Six separate outside firms were brought in to pick up every stone, overturn every hard drive, and evaluate every square inch of Backblaze. While we appreciated that the expense they dedicated to these firms showed a level of commitment on Cogswell’s part, we also were a bit concerned that more of the actual firm’s employees were not directly involved.
We consider ourselves a very simple, clean company - and our advisors were all surprised at the amount of due diligence being done. But at the end of it, all was good and we moved forward.
Take that with a grain of salt, right? No company is as "clean" as it thinks it is and no deal is as simple as anyone expects.
While it seemed like we had nailed down the key terms in the offer letter, it became clear at the definitive agreement stage just how many items were still left open. The Definitive Agreement is a nearly 100-page document that is broken down into key areas:
* The Transaction Itself - how much? how is it structured?
* Closing – when? how? and what will be required on the date of closing?
* A Ton of Legalese - representations, warranties, covenants and other items where each side says “I commit that the following is the case.”
Negotiating the Definitive Agreement is an ongoing process of figuring out how to balance what the business people want on both sides with what the lawyers deem important.
100 pages for a purchase agreement seems a bit long. We suspect that's including a bunch of disclosure schedules and ancillary agreements. Backblaze expected the process would take about four weeks, so they budgeted six.
But even then the deal wasn't done, and exclusivity had to be extended several times.
We were getting close. Very close. The definitive was nearly done. The various exhibits were almost all final. We had agreed that Backblaze would become an independent unit within the company so that we could keep the team together and execute at full speed. We agreed on the titles and compensation packages for each person. We looked at the office space we would be move into. Even healthcare and benefits were being setup for the team.
I sent an email to our shareholders saying, “We’re within about a week of signing a definitive agreement.
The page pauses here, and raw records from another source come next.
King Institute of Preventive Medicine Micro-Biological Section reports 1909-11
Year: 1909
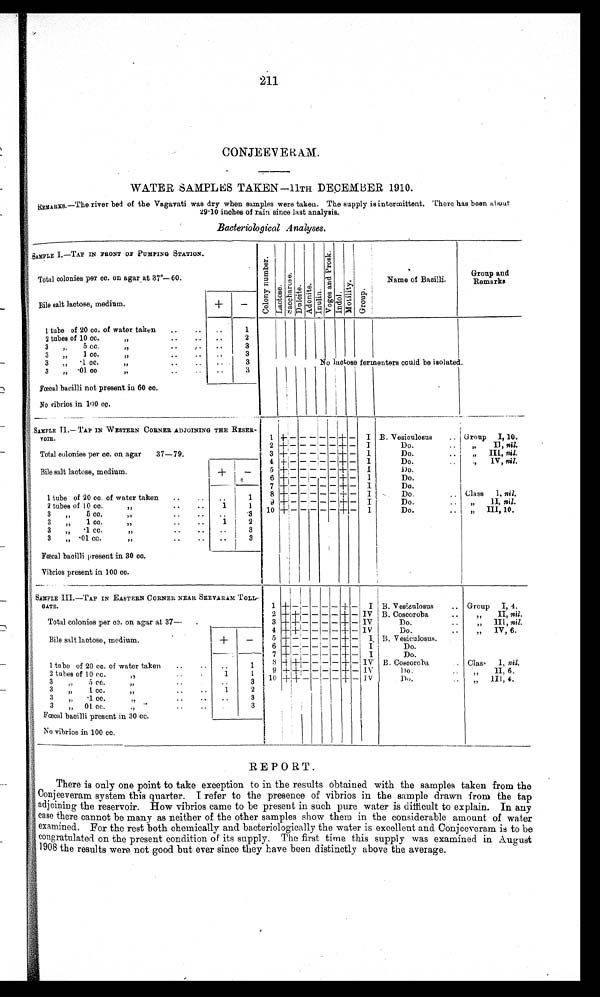
211
CONJE EVERAM.
WATER SAMPLES TAKEN—11TH DECEMBER 1910.
REMARKS.—The river bed of the Vagavati was dry when samples were taken. The supply is intermittent. There has been about
29.10 inches of rain since last analysis.
Bacteriological Analyses.
SAMPLE I.—TAP IN FRONT OF PUMPING STATION.
Total colonies per cc. on agar at 37°— 60.
+
-
C o l o n y n u m b e r .
Lact os e.
S a c c h a r o s e .
Dul oi t e. Ad o n i t e .
I nul i n
V o g e s a n d P r o s k .
I n d o l .
Mot i l t y. G r o u p .
Name of Bacilli.
Group and
Remarks
Bile salt lactose, medium.
1 tube of 20 co. of water taken
. .
1
2 tubes of 10 cc.
"
2
3
"
5 cc.
"I
. .
3
3
"
1 cc.
"
. .
3
3 „ .1 cc.
"
3
No lactose fermenters could be isolated.
3
" .01 cc.
"
. .
3
Fœoal bacilli not present in 60 00.
No vibrios in 100 cc.
S SAMPLE II .— TAP IN WESTERN CORNER ADJOINING THE RESER-
V O I R .
Total colonies per cc. on agar
37—79.
1 + - - - - - + -
I B. Vesiculosus
Uroup
I, 10.
2 + - - - - - +
-
I
Do.
„
II, nil.
3 + - - - - - + -
I
Do.
„
III, nil.
4 + - - - - - + - I
Do.
"
IV, nil.
Bile salt lactose, medium.
+
-
5 + - - - - - + -
I
Do.
6 + - - - - -
+
-
I
Do.
7 + - - - - -
+ -
I
Do Do.
1 tube of 20 cc. of water taken
..
1 8 + - - - - - + -
I
Do.
Class
I, nil.
2 tubes of 10 cc. "
1
1 9 + - - - - - + -
I
Do.
II, nil.
3
„
5 cc.
"
..
3
10 + - - - - - + -
I
Do.
"
III, 10.
3
1 cc. "
1
2
„
3 „ .1 cc.
I /
..
3
3
„ .01 cc
"
..
3
Fœcal bacilli present in 30 co.
Vibrios present in 100 cc.
SAMPLE III.—TAP IN EASTERN CORNER NEAR SEEVARAM TOLL
GATE.
Total colonies per cc . on agar at 37—
1+ - - - - - + -
I B. Vesiculosus
Group
I, 4.
2 + + - - - - + -
IV B. Coscoroba
„
II, nil.
3 + + - - - - + -
IV
Do.
„
III, nil.
Bile salt lactose, medium.
+
-
4
+ + - - - - + -
IV
Do.
IV, 6.
5+ - - - - - + - —
I. B. Vesiculosus.
6
+ - - - - - + - — I
Do.
7 + - - - - - + -
I
Do.
1
8 ++ - - - - + - IV
B. Coscoroba
Class
I, nil.
1 tube of 20 cc. of water taken
..
1
9+ + - - - - + - IV
Do.
" II, 6
2 tubes
3
of 10 cc
5 cc.
"
1
3 10 + + - - - - + - IVDo.
" I I I , 4 .
3 "
1 cc.
"
.. ..
1
2
3 "
• 1 cc.
" "
..
..
3
3
„ 01 cc.
"
..
3
F Fœcal bacilli present in 30 cc.
No vibrios in 100 cc.
REPORT.
There is only one point to take exception to in the results obtained with the samples taken from the
Conjeeveram system this quarter. I refer to the presence of vibrios in the sample drawn from the tap
adjoining the reservoir. How vibrios came to be present in such pure water is difficult to explain. In any
case there cannot be many as neither of the other samples show them in the considerable amount of water
examined. For the rest both chemically and bacteriologically the water is excellent and Conjeeveram is to be
congrat ulated on the present condition of its supply. The first time this supply was examined in August
1908 the results were not good but ever since they have been distinctly above the average.

Please let me know if you will not be reachable to sign papers.”
Jinx!
Exclusivity expired on a Saturday.
Monday morning I got a call from Cogswell’s CEO. “I’m sooo sorry.”
In summary he said that while he really wanted to do the deal, he couldn’t get all of his board to approve it without restructuring the deal. Would we consider restructuring?
My internal reaction was, “WHAT?!? That’s crazy!”
Deep breath. “I don’t think my team will go for that.”
After having negotiated all of this up front and then spent months finalizing the details, asking for the very basics of the deal to be reconsidered threw a slew of red flags. Since this would be a marriage, it made us fear what other agreements that we are making now would be reconsidered. What would happen six months, a year, a few years after we became one?
Eventually, they concluded that Cogswell wasn't just negotiating and Backblaze decided to walk. Spacely was no longer interested.
The BigLaw angle - Gunderson was seller's counsel (although technically they're not BigLaw, all of BigLaw owes the firm a debt of gratitude for starting the salary escalation wars of 2000).
The really interesting angle is all of the angst and expectation in the story, as well as the lessons learned, so click through for the full perspective.
We found it a refreshing reminder that deals come and go for lawyers, but for people at the companies, they're life-changing events with all of the attendant hope, confusion, and drama.